Bex & Arts, l’air industriel
EXPOSITION La 14e édition de la triennale de sculpture contemporaine Bex & Arts a pour thème l’industrie. Il y est principalement question de l’empreinte de l’homme sur son environnement
Balade artistique dans le parc de Szilassy à Bex, où, dans le cadre de la triennale de sculpture contemporaine, 34 artistes invitent le promeneur à découvrir leurs oeuvres autour de la thématique «Industria». Comme ici «Skybirds», une installation de Joëlle Allet, réalisée à l’aide de cerfs-volants.
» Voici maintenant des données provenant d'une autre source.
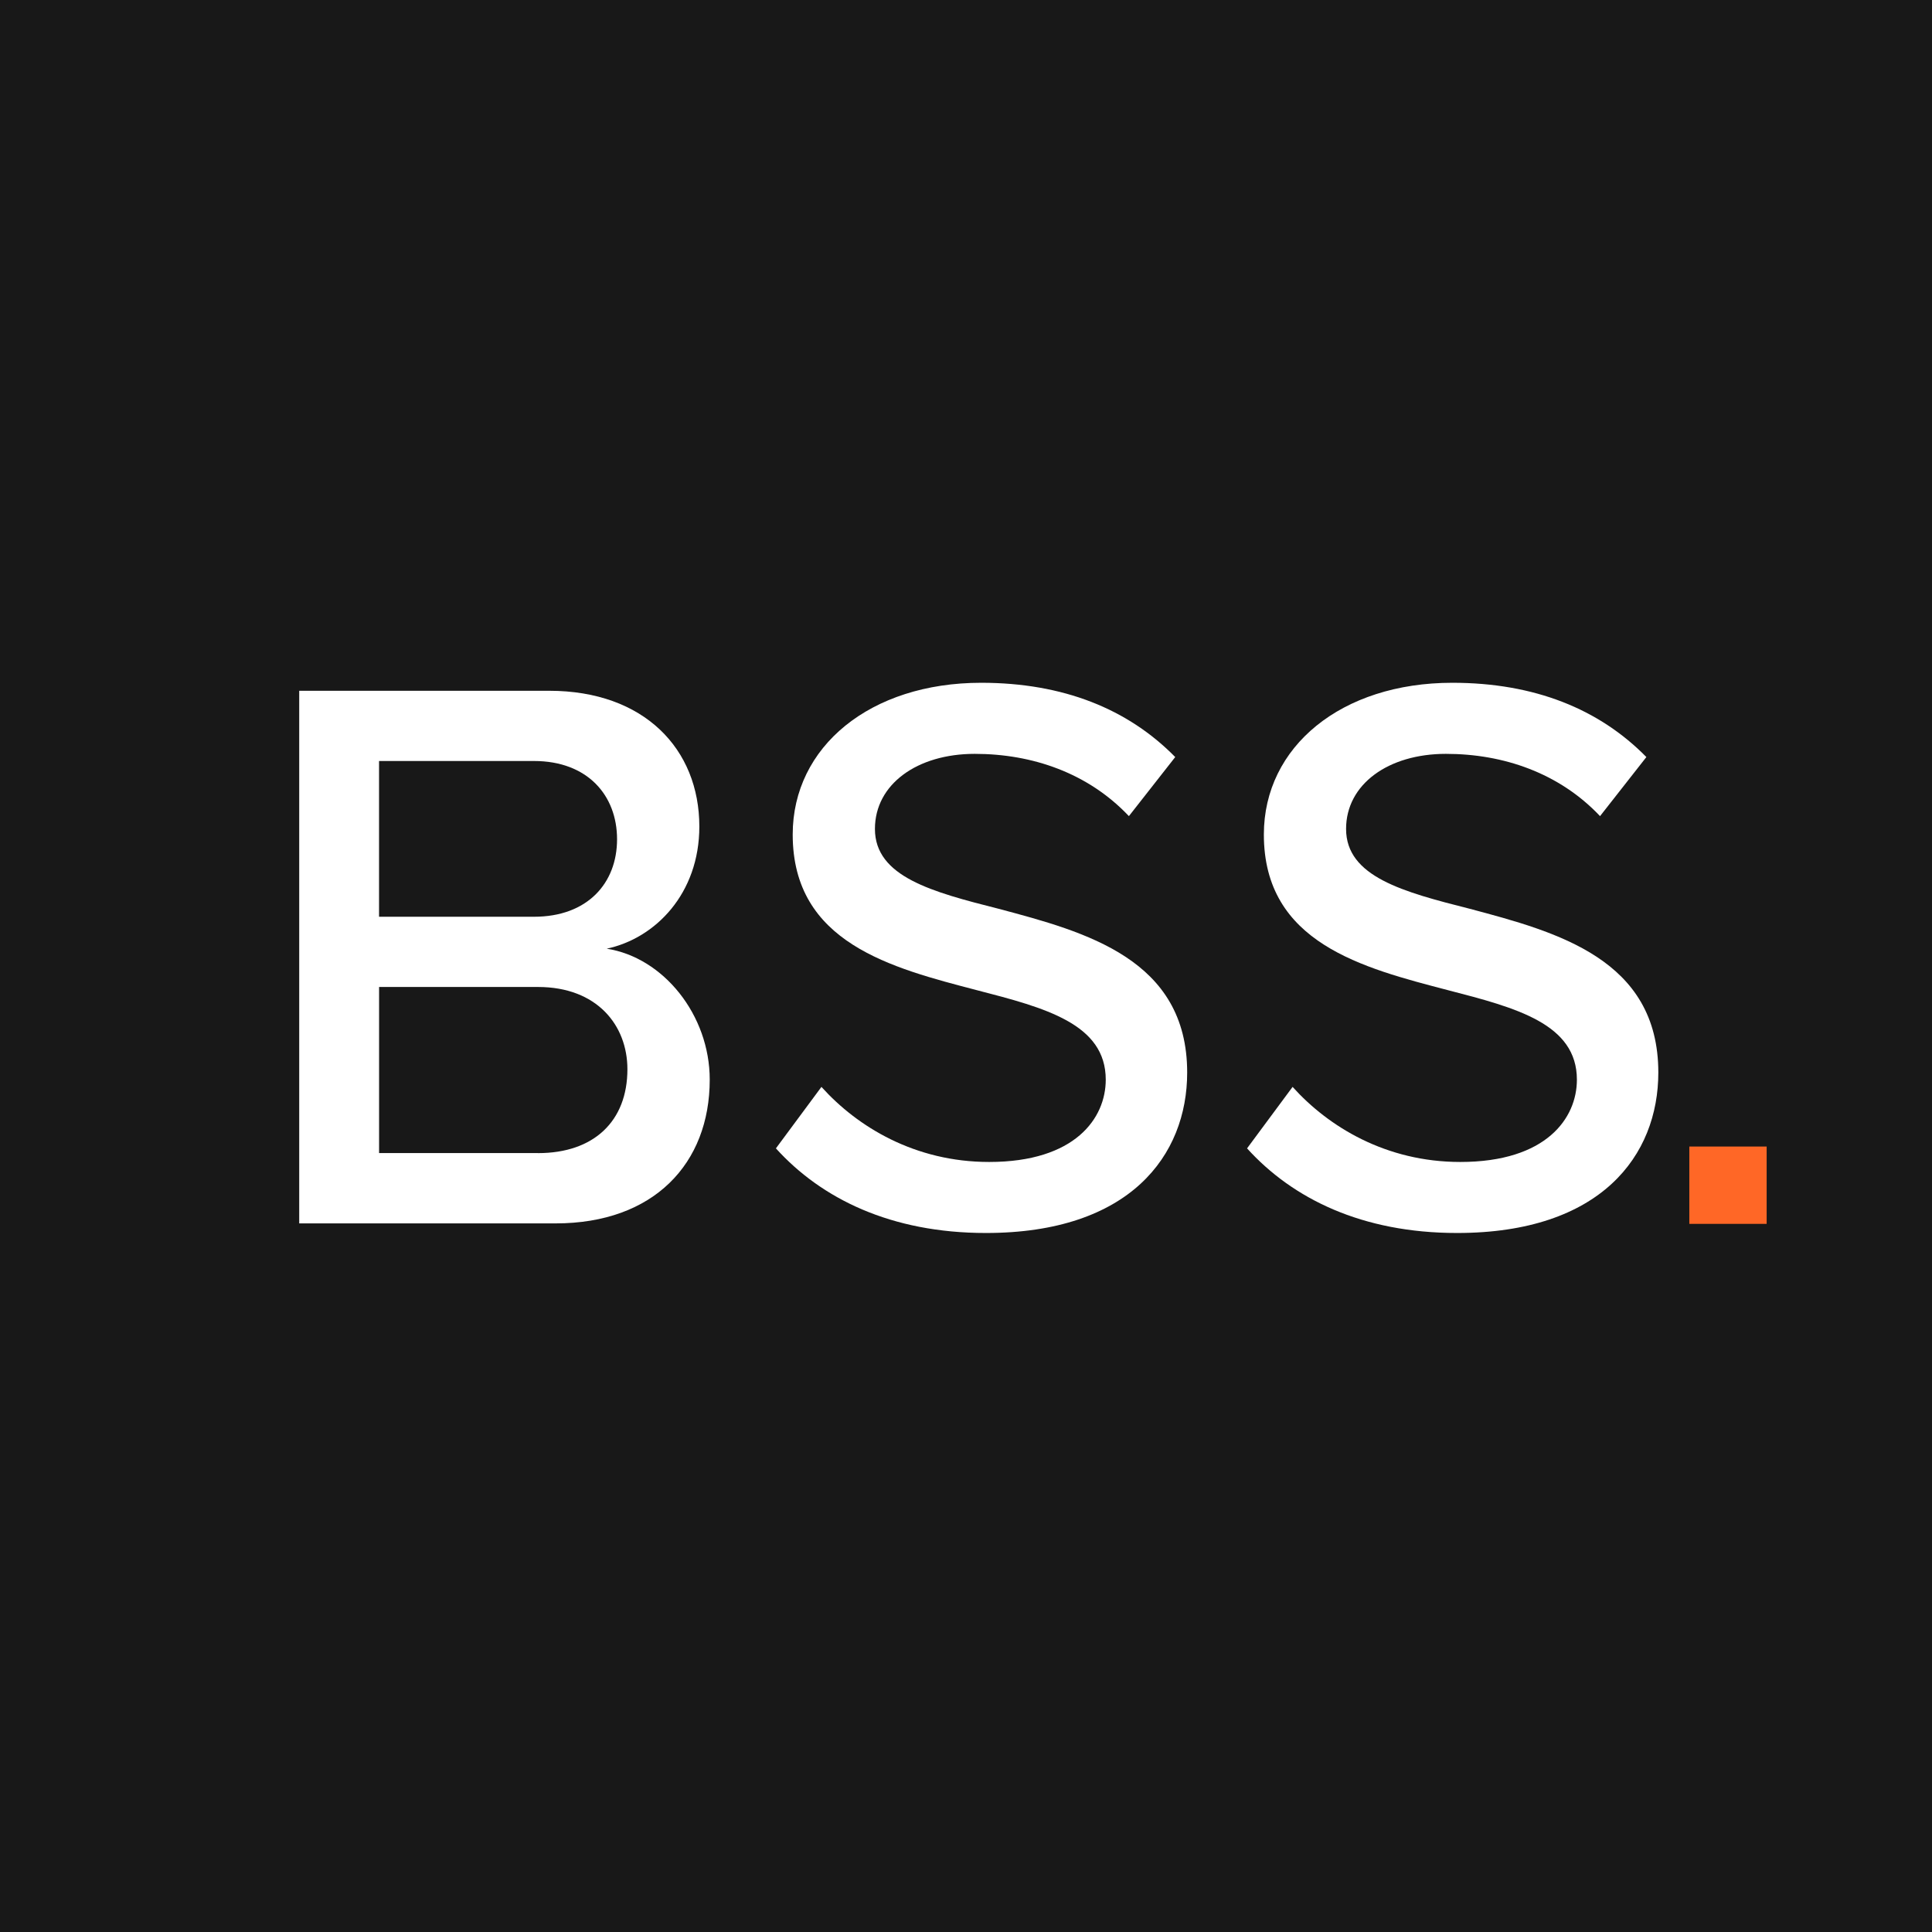 <svg width="206" height="206" viewBox="0 0 206 206" fill="none" xmlns="http://www.w3.org/2000/svg">
<rect x="0" y="0" width="206" height="206" fill="#333333" stroke="none"/>
<g clip-path="url(#clip0_2138_336)">
<path d="M206 0H0V206H206V0Z" fill="#181818"/>
<path d="M31.904 73.654H58.557C68.688 73.654 74.567 79.868 74.567 88.129C74.567 95.281 69.882 100.051 64.691 101.154C70.735 102.092 75.675 108.221 75.675 115.118C75.675 124.06 69.716 130.445 59.239 130.445H31.904V73.649V73.654ZM56.937 97.749C62.639 97.749 65.794 94.173 65.794 89.488C65.794 84.803 62.645 81.142 56.937 81.142H40.416V97.749H56.937ZM57.363 122.952C63.322 122.952 66.898 119.546 66.898 114.009C66.898 109.325 63.663 105.237 57.363 105.237H40.42V122.947H57.363V122.952Z" fill="white"/>
<path d="M87.587 115.89C91.419 120.148 97.548 123.895 105.468 123.895C114.666 123.895 117.901 119.21 117.901 115.123C117.901 109.164 111.431 107.459 104.194 105.588C95.08 103.206 84.522 100.562 84.522 88.981C84.522 79.612 92.783 72.801 104.62 72.801C113.392 72.801 120.289 75.61 125.309 80.721L120.369 87.02C116.025 82.421 110.067 80.38 103.933 80.38C97.799 80.38 93.29 83.615 93.29 88.385C93.29 93.495 99.419 95.111 106.486 96.901C115.765 99.369 126.583 102.268 126.583 114.355C126.583 123.213 120.454 131.468 105.127 131.468C94.995 131.468 87.587 127.807 82.732 122.445L87.587 115.89Z" fill="white"/>
<path d="M137.823 115.89C141.655 120.148 147.784 123.895 155.704 123.895C164.902 123.895 168.137 119.21 168.137 115.123C168.137 109.164 161.667 107.459 154.43 105.588C145.316 103.206 134.759 100.562 134.759 88.981C134.759 79.612 143.019 72.801 154.856 72.801C163.628 72.801 170.525 75.61 175.545 80.721L170.605 87.02C166.261 82.421 160.303 80.38 154.169 80.38C148.035 80.38 143.526 83.615 143.526 88.385C143.526 93.495 149.655 95.111 156.722 96.901C166.001 99.369 176.819 102.268 176.819 114.355C176.819 123.213 170.69 131.468 155.363 131.468C145.231 131.468 137.823 127.807 132.968 122.445L137.823 115.89Z" fill="white"/>
<path d="M188.37 122.25H180.125V130.495H188.37V122.25Z" fill="#FF6726"/>
</g>
<defs>
<clipPath id="clip0_2138_336">
<rect width="206" height="206" fill="white"/>
</clipPath>
</defs>
</svg>

Au fond d’un champ, des oiseaux géants semblent prendre leur envol. Ils sont zébrés, comme au garde-à-vous. Joëlle Allet a réalisé cette installation, Skybirds, à l’aide de cerfs-volants. Non loin de là, au sommet d’une petite butte, Anne Blanchet a conçu Lumen XXV avec ces bandes de plastique jaunes que les paysans utilisent pour éloigner les oiseaux. La proximité de ces deux propositions artistiques, qui trônent fièrement au coeur du parc de Szilassy, sur les hauteurs de Bex, pousse à réfléchir sur la manière dont l’homme a toujours tenté de maîtriser la nature – parfois jusqu’à la détruire.
En s’approchant de Lumen XXV, on peut alors observer le paysage environnant par strates, comme si les bandes de plastique le découpaient. Il y a là quelque chose de ludique, l’impression, aussi, de pouvoir finalement mieux observer. Cette dimension ludique, au-delà d’oeuvres qui interpellent plus frontalement, a toujours été au coeur de la démarche de Bex & Arts, triennale de sculpture contemporaine qui se déploie cette année jusqu’au 18 octobre. Thème de sa 14e édition: «Industria».
Directrice artistique de la manifestation depuis 2017, Catherine Bolle note, dans le catalogue d’exposition, que les liens entre art et industrie ont toujours été étroits. Et de citer la démarche de Jean Tinguely, de Niki de Saint Phalle ou de Bernhard Luginbühl,
que l’adjectif «industriel» n’a jamais rebutés.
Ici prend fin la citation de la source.